## Directions for this task
A verbatim repetition of the data below is requested, without images.

## Records supplied
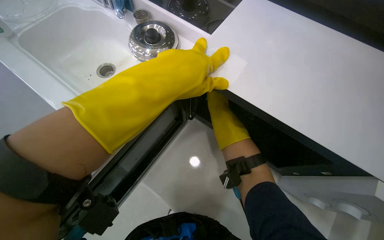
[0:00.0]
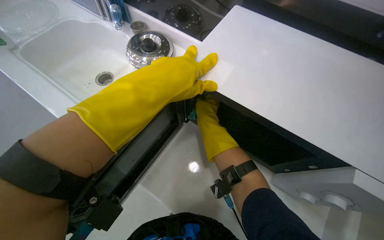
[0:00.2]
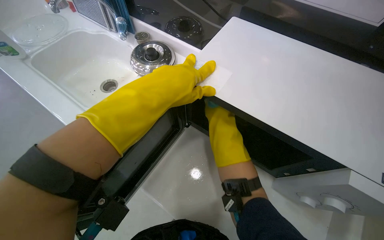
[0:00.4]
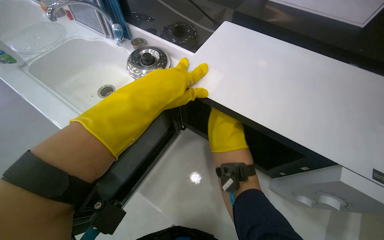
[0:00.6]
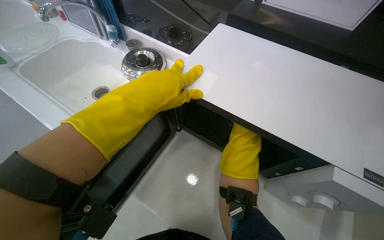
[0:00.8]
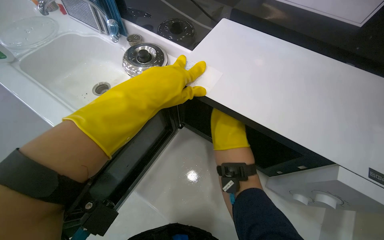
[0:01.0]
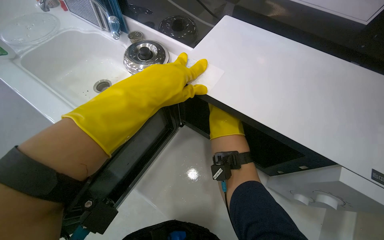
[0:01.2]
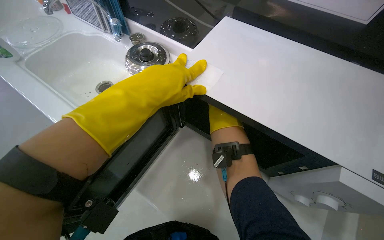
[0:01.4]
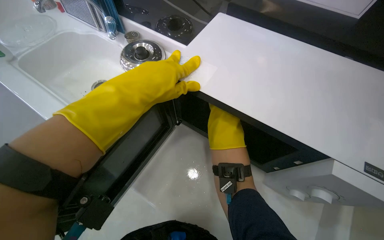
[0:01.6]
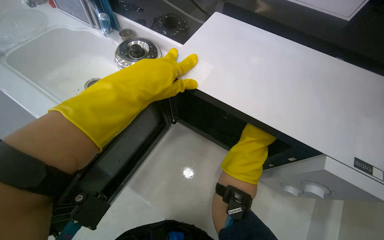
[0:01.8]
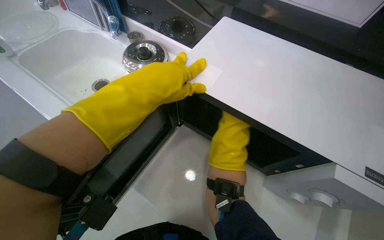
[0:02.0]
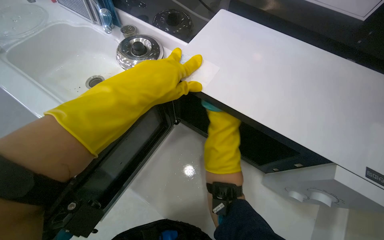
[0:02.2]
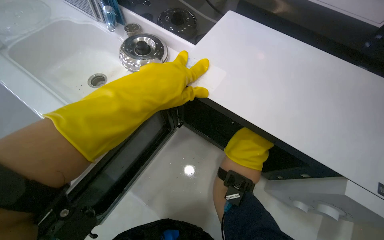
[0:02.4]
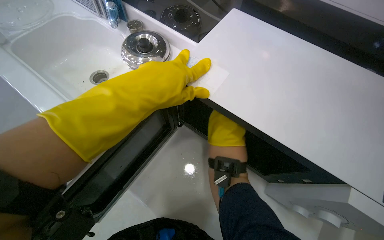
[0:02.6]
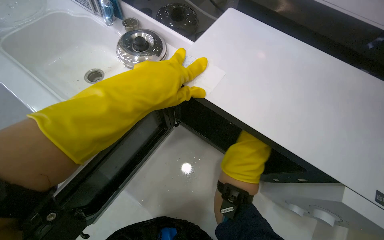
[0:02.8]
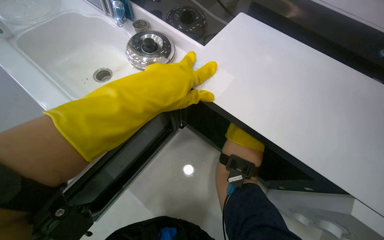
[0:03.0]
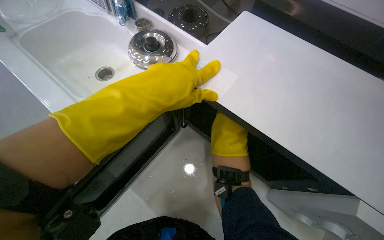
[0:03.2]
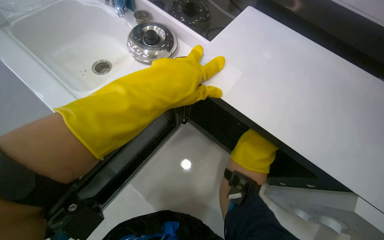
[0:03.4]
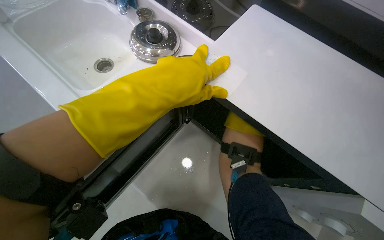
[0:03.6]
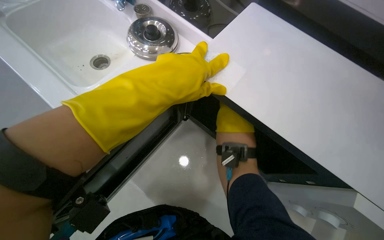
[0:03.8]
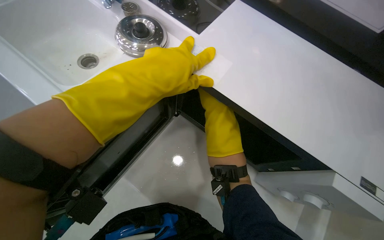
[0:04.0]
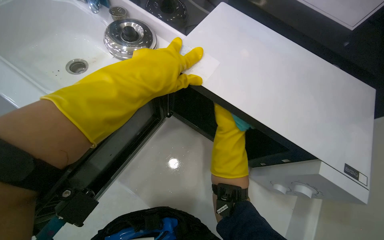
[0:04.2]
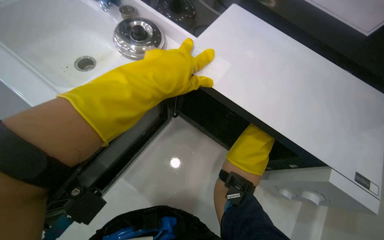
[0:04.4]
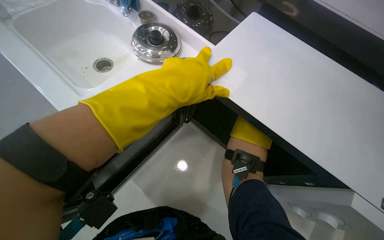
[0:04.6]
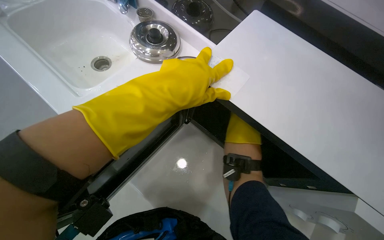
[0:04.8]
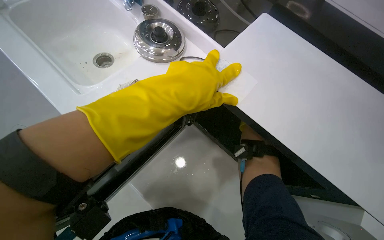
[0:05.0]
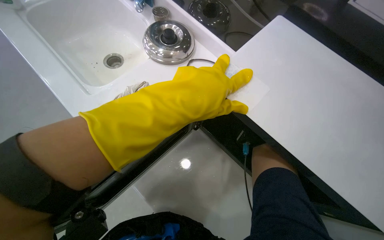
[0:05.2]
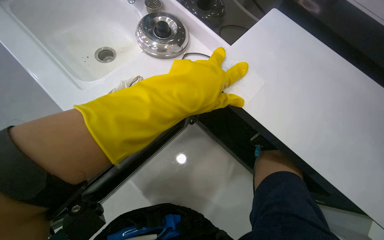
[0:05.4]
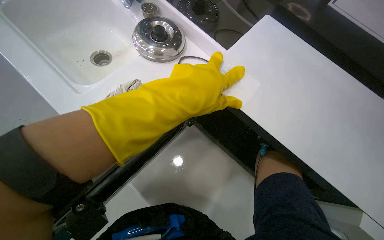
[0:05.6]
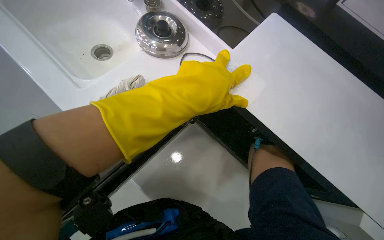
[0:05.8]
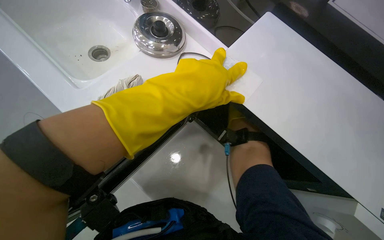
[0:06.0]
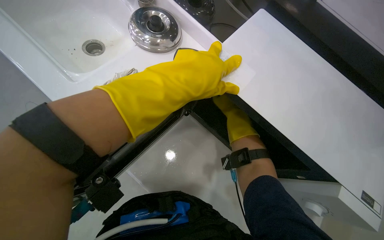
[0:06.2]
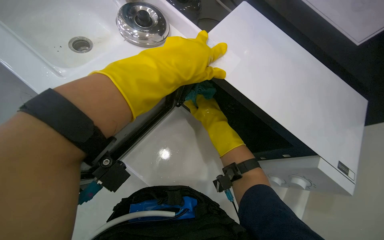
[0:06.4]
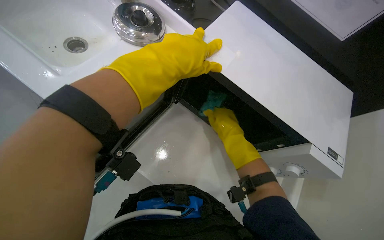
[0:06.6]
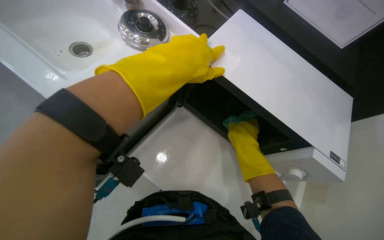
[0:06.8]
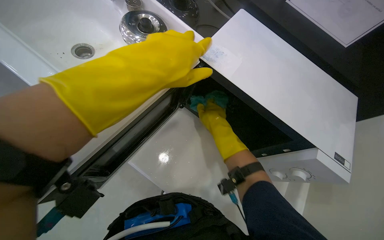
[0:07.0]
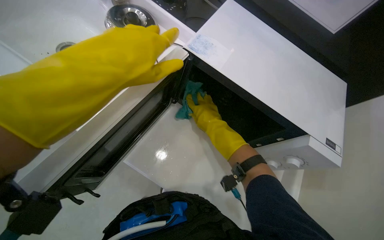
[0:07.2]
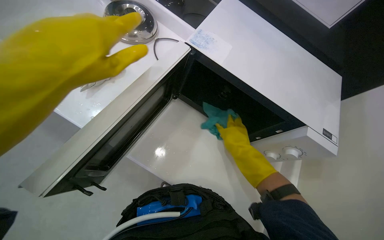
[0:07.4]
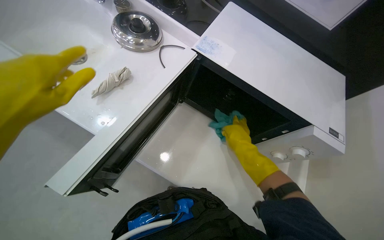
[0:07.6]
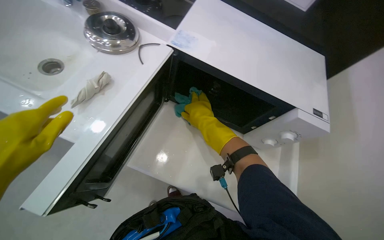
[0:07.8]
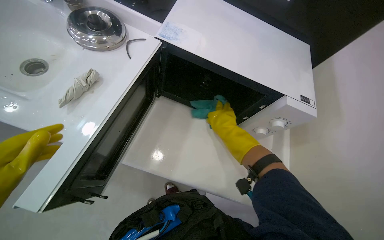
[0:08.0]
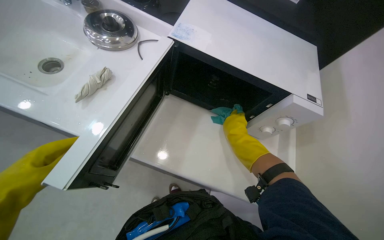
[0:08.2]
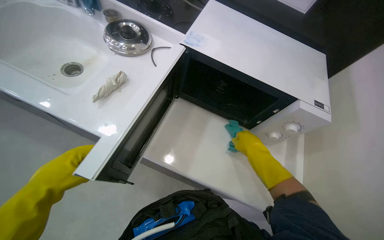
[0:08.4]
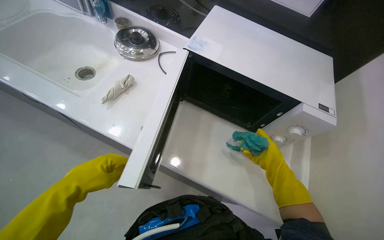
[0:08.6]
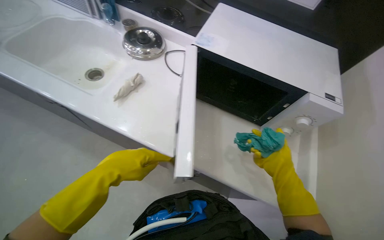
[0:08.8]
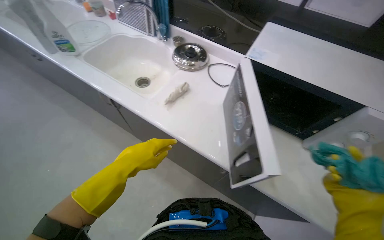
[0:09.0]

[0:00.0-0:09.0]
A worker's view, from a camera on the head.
Job: cleaning kitchen.
The whole recording: Cleaning microwave. The worker wipes the exterior and interior of the microwave with a cleaning cloth.
0:00.0 to 0:01.6: The right hand goes nearer and farther, roughly 20 cm each way, reversing 2 times.
0:01.6 to 0:03.0: The right hand goes left and right, approximately 10 cm each way, reversing 3 times.

## Response area
[0:00.0]
[0:00.2]
[0:00.4]
[0:00.6]
[0:00.8]
[0:01.0]
[0:01.2]
[0:01.4]
[0:01.6]
[0:01.8]
[0:02.0]
[0:02.2]
[0:02.4]
[0:02.6]
[0:02.8]
[0:03.0]
[0:03.2]
[0:03.4]
[0:03.6]
[0:03.8]
[0:04.0]
[0:04.2]
[0:04.4]
[0:04.6]
[0:04.8]
[0:05.0]
[0:05.2]
[0:05.4]
[0:05.6]
[0:05.8]
[0:06.0]
[0:06.2]
[0:06.4]
[0:06.6]
[0:06.8]
[0:07.0]
[0:07.2]
[0:07.4]
[0:07.6]
[0:07.8]
[0:08.0]
[0:08.2]
[0:08.4]
[0:08.6]
[0:08.8]
[0:09.0]

[0:00.0-0:09.0]
A worker's view, from a camera on the head.
Job: cleaning kitchen.
The whole recording: Cleaning microwave. The worker wipes the exterior and interior of the microwave with a cleaning cloth.
0:00.0 to 0:01.6: The right hand goes nearer and farther, roughly 20 cm each way, reversing 2 times.
0:01.6 to 0:03.0: The right hand goes left and right, approximately 10 cm each way, reversing 3 times.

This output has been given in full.